Exercise ▸
Copy out all of the data word for word. Omit every picture.

(Extracted data entries)

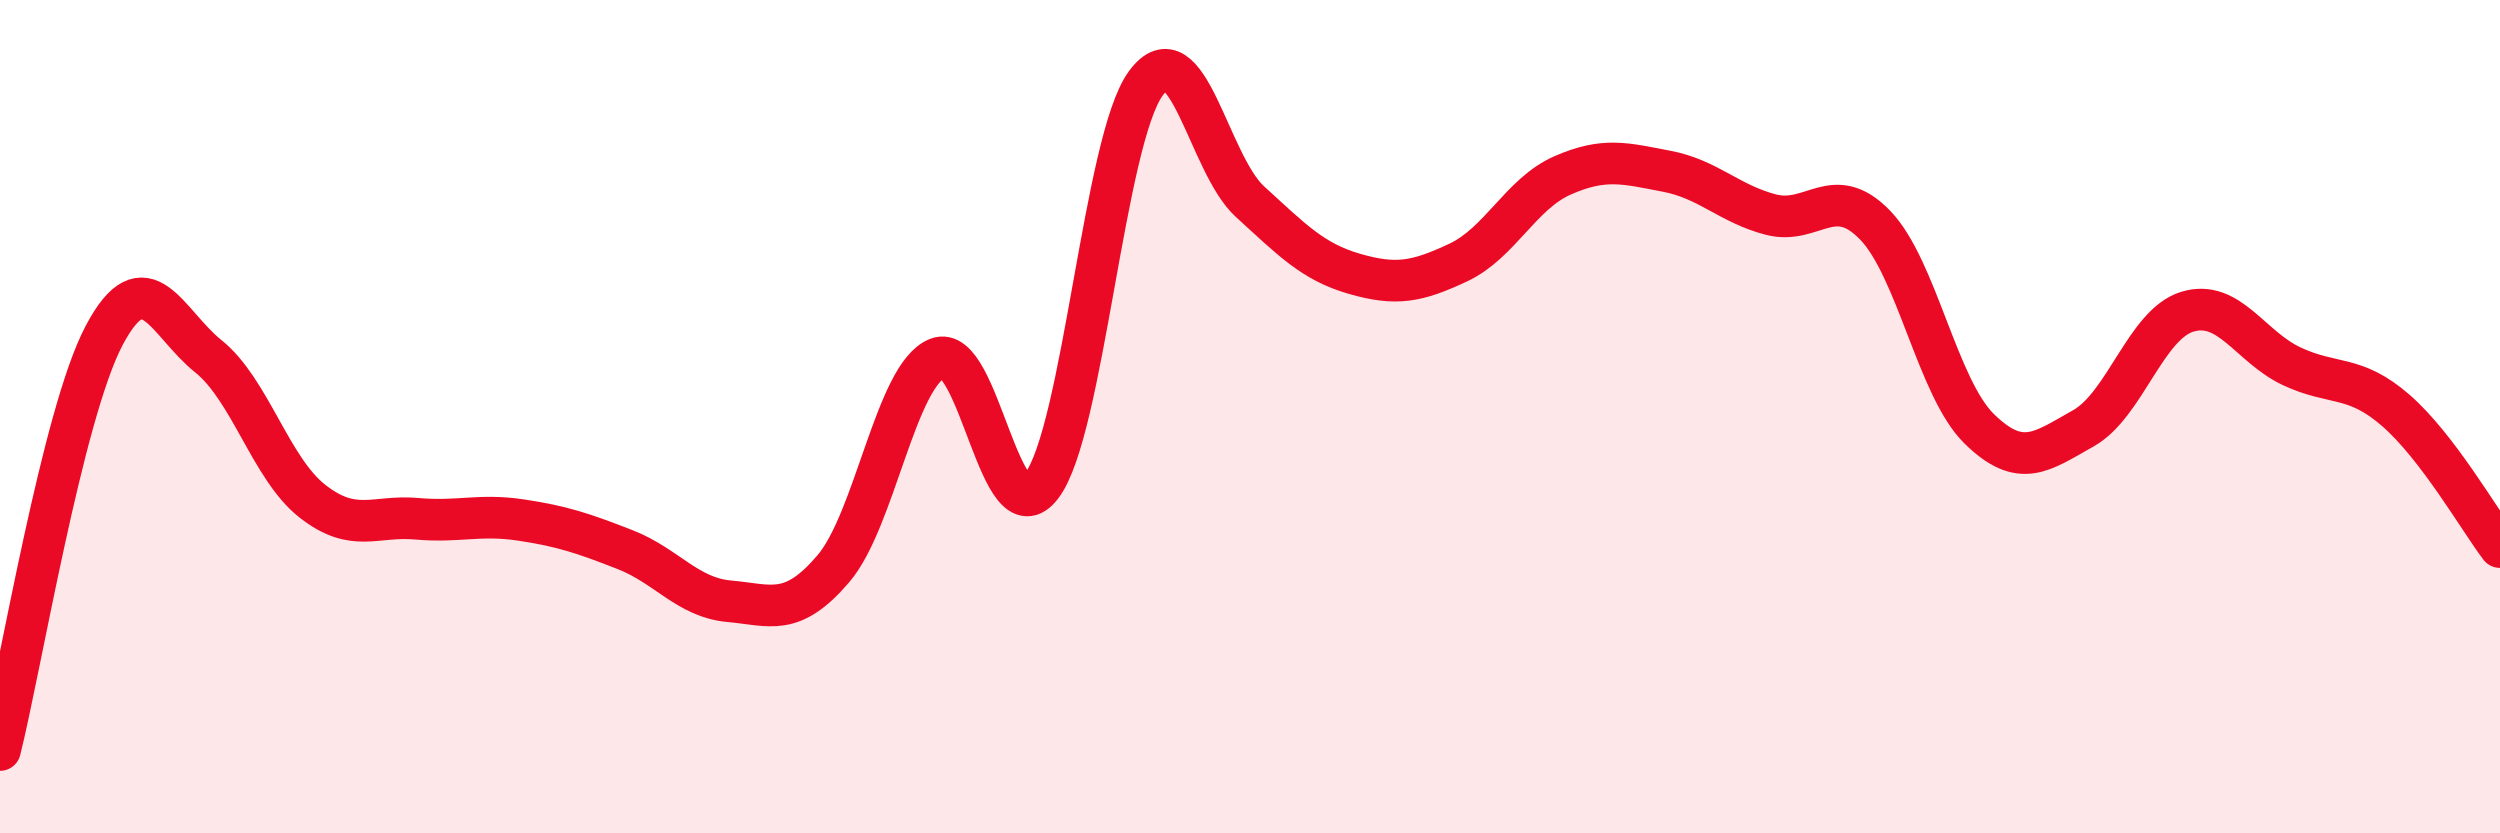 
    <svg width="60" height="20" viewBox="0 0 60 20" xmlns="http://www.w3.org/2000/svg">
      <path
        d="M 0,18 C 0.5,16.01 1.5,9.94 2.5,8.05 C 3.5,6.16 4,7.75 5,8.55 C 6,9.35 6.5,11.25 7.5,12.03 C 8.5,12.81 9,12.36 10,12.45 C 11,12.54 11.5,12.33 12.5,12.48 C 13.5,12.63 14,12.8 15,13.19 C 16,13.58 16.5,14.34 17.5,14.43 C 18.5,14.52 19,14.82 20,13.65 C 21,12.48 21.5,9 22.5,8.6 C 23.5,8.2 24,12.98 25,11.66 C 26,10.34 26.5,3.36 27.5,2 C 28.5,0.64 29,3.93 30,4.84 C 31,5.75 31.5,6.28 32.5,6.57 C 33.5,6.86 34,6.77 35,6.3 C 36,5.83 36.5,4.65 37.5,4.21 C 38.5,3.77 39,3.92 40,4.11 C 41,4.3 41.5,4.89 42.5,5.15 C 43.5,5.41 44,4.37 45,5.4 C 46,6.43 46.5,9.31 47.5,10.29 C 48.5,11.27 49,10.84 50,10.28 C 51,9.72 51.5,7.78 52.5,7.48 C 53.5,7.18 54,8.32 55,8.79 C 56,9.26 56.5,8.98 57.5,9.85 C 58.5,10.72 59.5,12.47 60,13.13L60 20L0 20Z"
        fill="#EB0A25"
        opacity="0.1"
        stroke-linecap="round"
        stroke-linejoin="round"
      />
      <path
        d="M 0,18 C 0.5,16.01 1.5,9.94 2.5,8.05 C 3.5,6.16 4,7.75 5,8.55 C 6,9.35 6.5,11.25 7.5,12.03 C 8.5,12.81 9,12.36 10,12.45 C 11,12.54 11.5,12.33 12.5,12.48 C 13.5,12.63 14,12.8 15,13.19 C 16,13.58 16.5,14.34 17.5,14.43 C 18.5,14.52 19,14.82 20,13.65 C 21,12.48 21.5,9 22.5,8.6 C 23.5,8.2 24,12.98 25,11.66 C 26,10.34 26.5,3.36 27.5,2 C 28.5,0.64 29,3.93 30,4.84 C 31,5.75 31.5,6.28 32.5,6.57 C 33.5,6.86 34,6.77 35,6.3 C 36,5.83 36.5,4.65 37.5,4.21 C 38.5,3.77 39,3.92 40,4.11 C 41,4.3 41.5,4.89 42.5,5.15 C 43.5,5.41 44,4.37 45,5.4 C 46,6.43 46.5,9.31 47.5,10.29 C 48.5,11.27 49,10.84 50,10.28 C 51,9.72 51.5,7.78 52.5,7.48 C 53.5,7.18 54,8.32 55,8.79 C 56,9.26 56.5,8.98 57.5,9.85 C 58.5,10.72 59.5,12.47 60,13.13"
        stroke="#EB0A25"
        stroke-width="1"
        fill="none"
        stroke-linecap="round"
        stroke-linejoin="round"
      />
    </svg>

Response box ▸
    <svg width="60" height="20" viewBox="0 0 60 20" xmlns="http://www.w3.org/2000/svg">
      <path
        d="M 0,18 C 0.5,16.01 1.5,9.94 2.5,8.05 C 3.5,6.16 4,7.75 5,8.55 C 6,9.35 6.5,11.25 7.5,12.03 C 8.5,12.81 9,12.36 10,12.45 C 11,12.54 11.5,12.33 12.5,12.48 C 13.5,12.63 14,12.8 15,13.19 C 16,13.58 16.5,14.34 17.5,14.43 C 18.5,14.52 19,14.82 20,13.65 C 21,12.48 21.5,9 22.5,8.6 C 23.5,8.2 24,12.98 25,11.66 C 26,10.34 26.5,3.36 27.5,2 C 28.5,0.64 29,3.93 30,4.84 C 31,5.75 31.5,6.28 32.5,6.57 C 33.5,6.86 34,6.77 35,6.3 C 36,5.83 36.5,4.65 37.5,4.21 C 38.5,3.77 39,3.92 40,4.11 C 41,4.3 41.5,4.89 42.5,5.15 C 43.5,5.41 44,4.37 45,5.4 C 46,6.43 46.5,9.31 47.5,10.29 C 48.5,11.27 49,10.84 50,10.28 C 51,9.72 51.5,7.78 52.5,7.48 C 53.5,7.18 54,8.32 55,8.79 C 56,9.26 56.5,8.98 57.5,9.85 C 58.5,10.72 59.5,12.47 60,13.13L60 20L0 20Z"
        fill="#EB0A25"
        opacity="0.1"
        stroke-linecap="round"
        stroke-linejoin="round"
      />
      <path
        d="M 0,18 C 0.5,16.01 1.5,9.94 2.5,8.05 C 3.5,6.16 4,7.75 5,8.55 C 6,9.35 6.5,11.25 7.5,12.03 C 8.5,12.81 9,12.36 10,12.45 C 11,12.54 11.5,12.33 12.5,12.48 C 13.5,12.63 14,12.8 15,13.19 C 16,13.58 16.5,14.34 17.5,14.43 C 18.5,14.52 19,14.82 20,13.65 C 21,12.48 21.5,9 22.5,8.6 C 23.5,8.2 24,12.98 25,11.66 C 26,10.34 26.5,3.36 27.5,2 C 28.5,0.64 29,3.93 30,4.84 C 31,5.75 31.5,6.28 32.5,6.57 C 33.5,6.86 34,6.77 35,6.3 C 36,5.83 36.5,4.65 37.5,4.21 C 38.5,3.77 39,3.92 40,4.11 C 41,4.3 41.5,4.89 42.5,5.15 C 43.5,5.41 44,4.37 45,5.4 C 46,6.43 46.5,9.31 47.5,10.29 C 48.5,11.27 49,10.84 50,10.28 C 51,9.72 51.5,7.78 52.5,7.48 C 53.5,7.18 54,8.32 55,8.79 C 56,9.26 56.5,8.98 57.5,9.85 C 58.5,10.72 59.5,12.47 60,13.13"
        stroke="#EB0A25"
        stroke-width="1"
        fill="none"
        stroke-linecap="round"
        stroke-linejoin="round"
      />
    </svg>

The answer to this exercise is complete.